- _WORK INSTRUCTIONS_: Give back exactly the lines that start at the one containing "This image came 2.4 s after image 1." and run to the end of the material, leaving out the pictures.
#### THE DATA ####
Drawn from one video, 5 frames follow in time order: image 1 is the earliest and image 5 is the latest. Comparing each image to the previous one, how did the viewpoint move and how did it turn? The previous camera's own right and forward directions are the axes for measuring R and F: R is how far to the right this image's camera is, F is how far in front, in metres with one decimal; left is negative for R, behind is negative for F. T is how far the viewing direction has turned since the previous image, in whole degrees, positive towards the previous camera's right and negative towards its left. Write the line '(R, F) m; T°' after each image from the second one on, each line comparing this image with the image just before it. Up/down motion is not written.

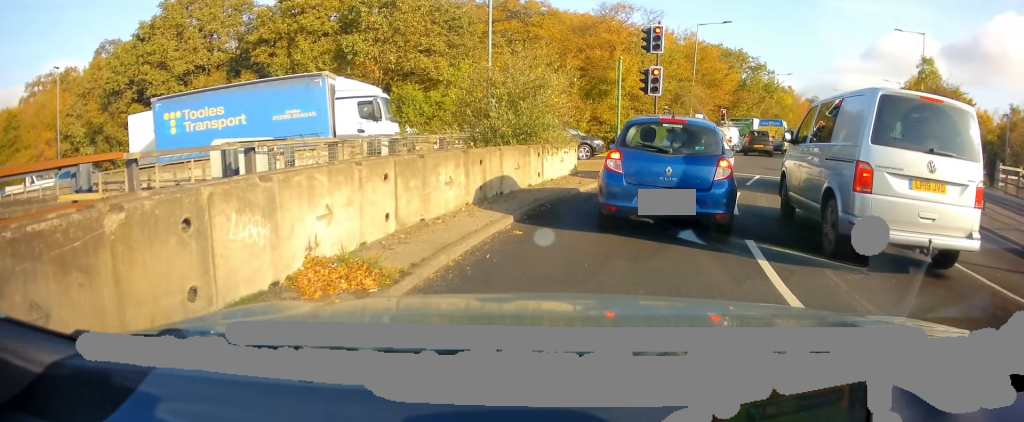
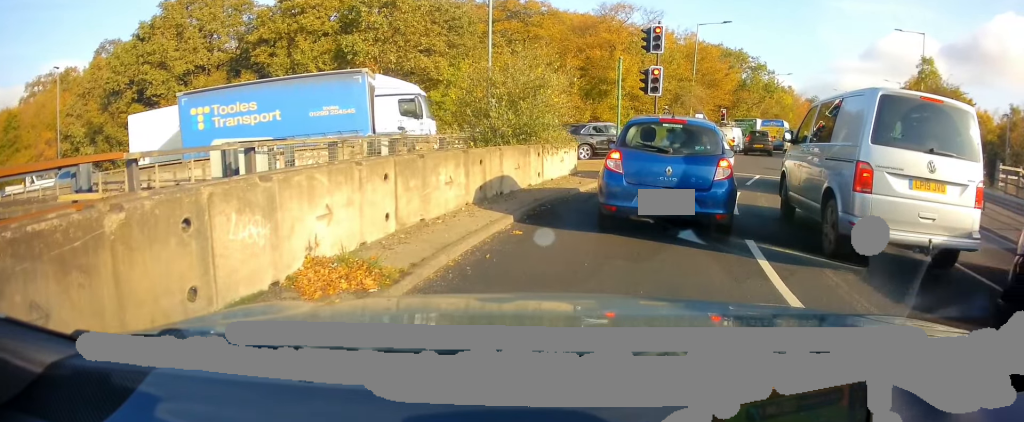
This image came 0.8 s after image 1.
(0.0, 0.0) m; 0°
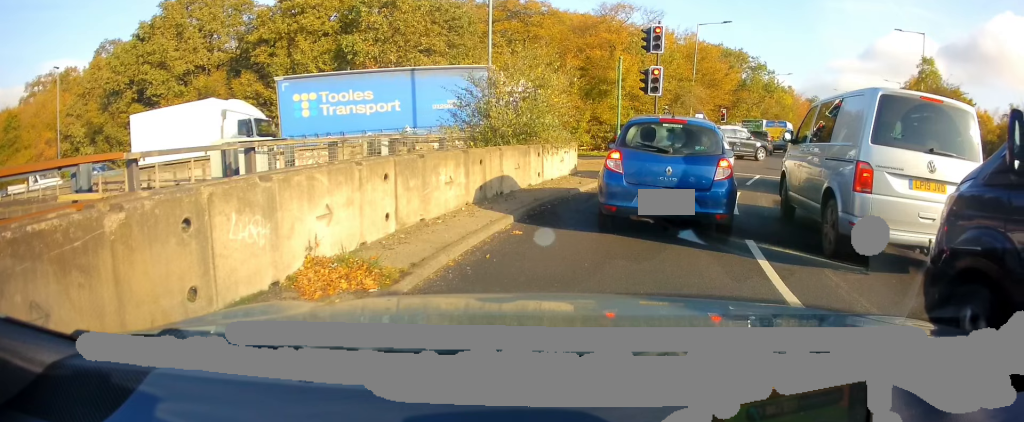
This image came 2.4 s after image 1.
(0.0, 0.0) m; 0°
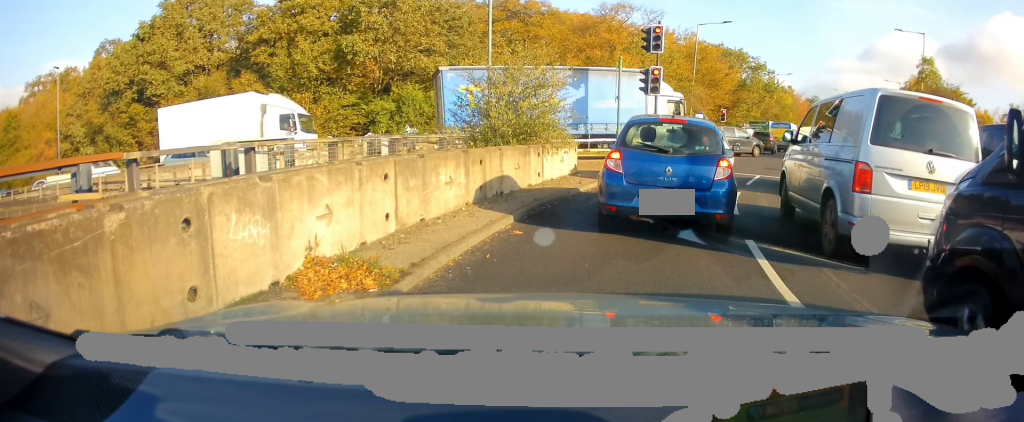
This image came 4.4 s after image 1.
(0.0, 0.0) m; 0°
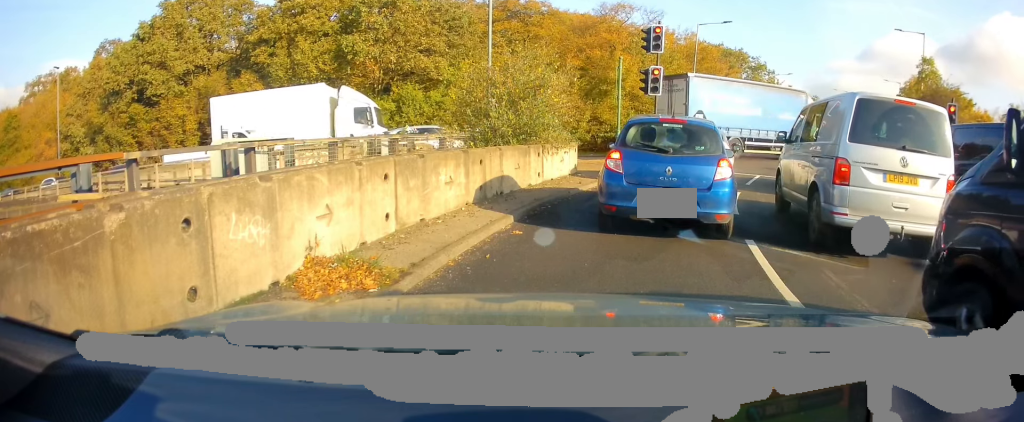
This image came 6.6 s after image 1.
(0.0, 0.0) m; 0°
####
- _OUTPUT_:
This image came 2.4 s after image 1.
(0.0, 0.0) m; 0°
This image came 4.4 s after image 1.
(0.0, 0.0) m; 0°
This image came 6.6 s after image 1.
(0.0, 0.0) m; 0°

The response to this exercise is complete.